(Source data)

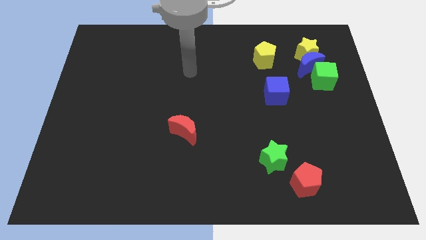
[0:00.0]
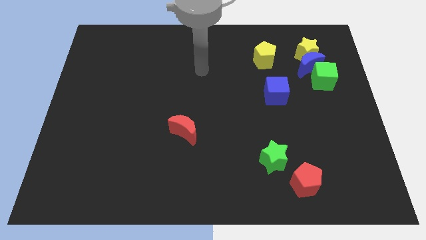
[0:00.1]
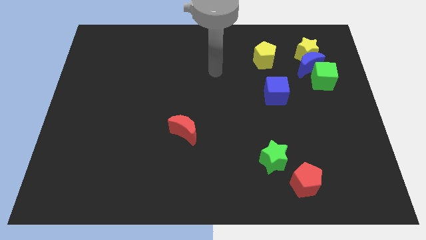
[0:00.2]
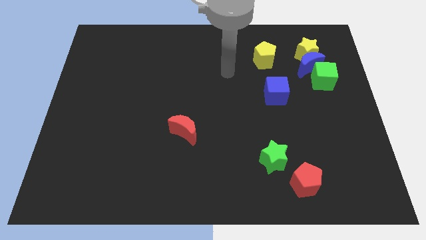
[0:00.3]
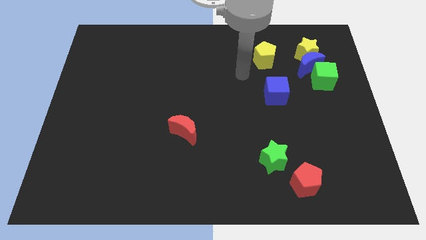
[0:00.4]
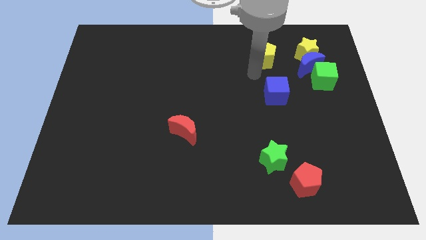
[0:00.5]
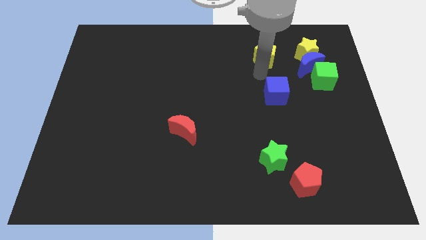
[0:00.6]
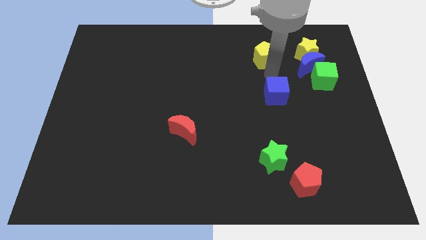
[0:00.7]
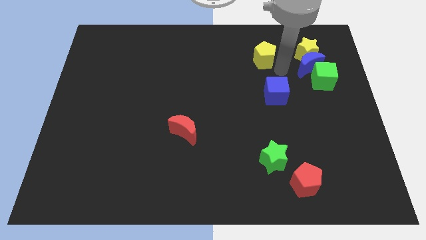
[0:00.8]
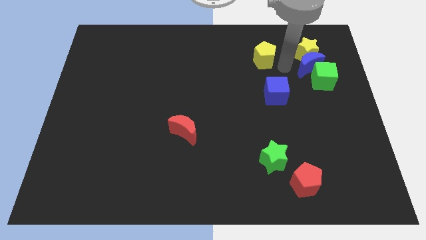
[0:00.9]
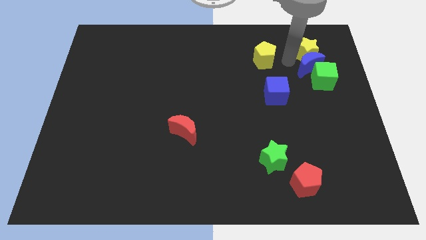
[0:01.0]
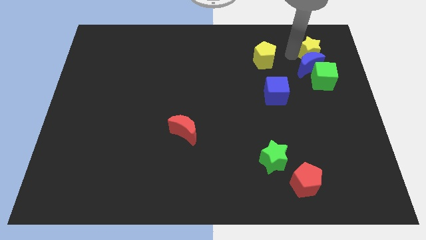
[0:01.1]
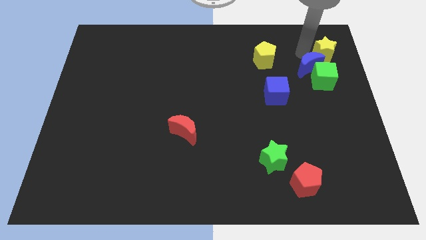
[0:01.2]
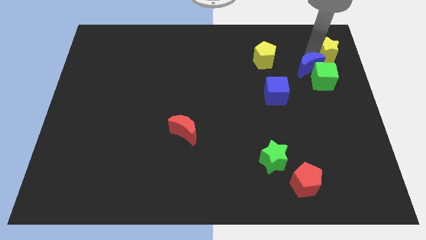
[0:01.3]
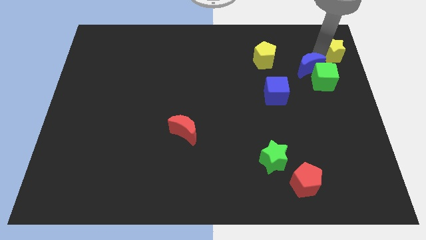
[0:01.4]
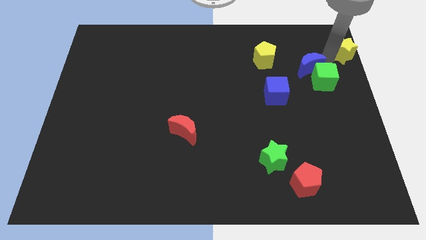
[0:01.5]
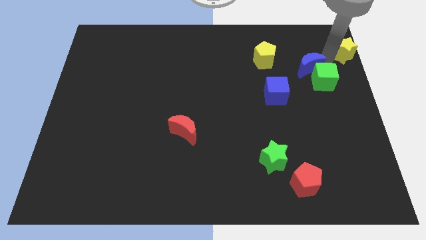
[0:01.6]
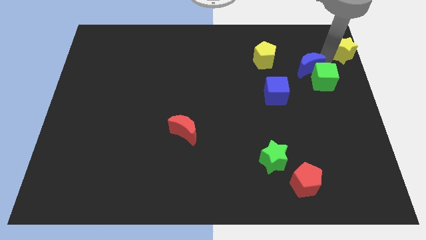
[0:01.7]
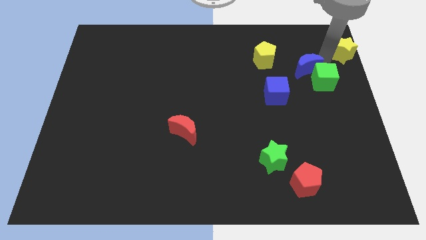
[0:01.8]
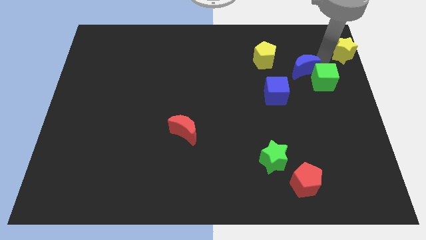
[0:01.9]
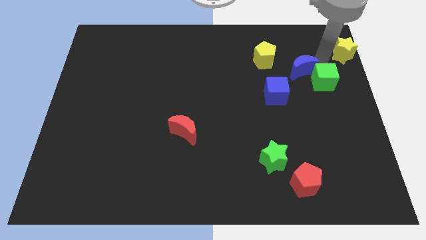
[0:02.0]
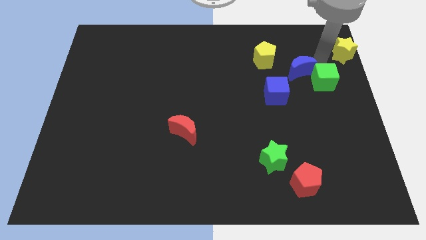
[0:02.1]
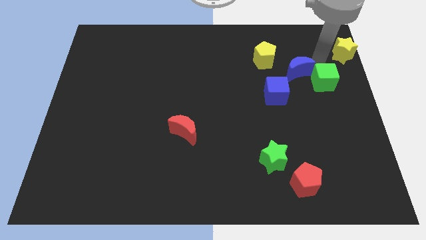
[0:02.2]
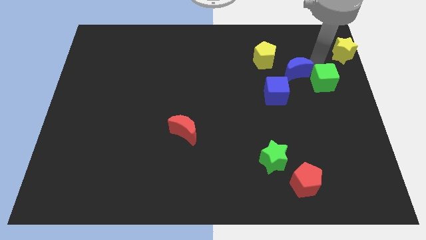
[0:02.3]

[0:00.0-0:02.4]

▶ **What you should do**: Strip out the pictures and quote the remaining data word for word.

▶ **Finished exercise**:
[0:00.0]
[0:00.1]
[0:00.2]
[0:00.3]
[0:00.4]
[0:00.5]
[0:00.6]
[0:00.7]
[0:00.8]
[0:00.9]
[0:01.0]
[0:01.1]
[0:01.2]
[0:01.3]
[0:01.4]
[0:01.5]
[0:01.6]
[0:01.7]
[0:01.8]
[0:01.9]
[0:02.0]
[0:02.1]
[0:02.2]
[0:02.3]

[0:00.0-0:02.4]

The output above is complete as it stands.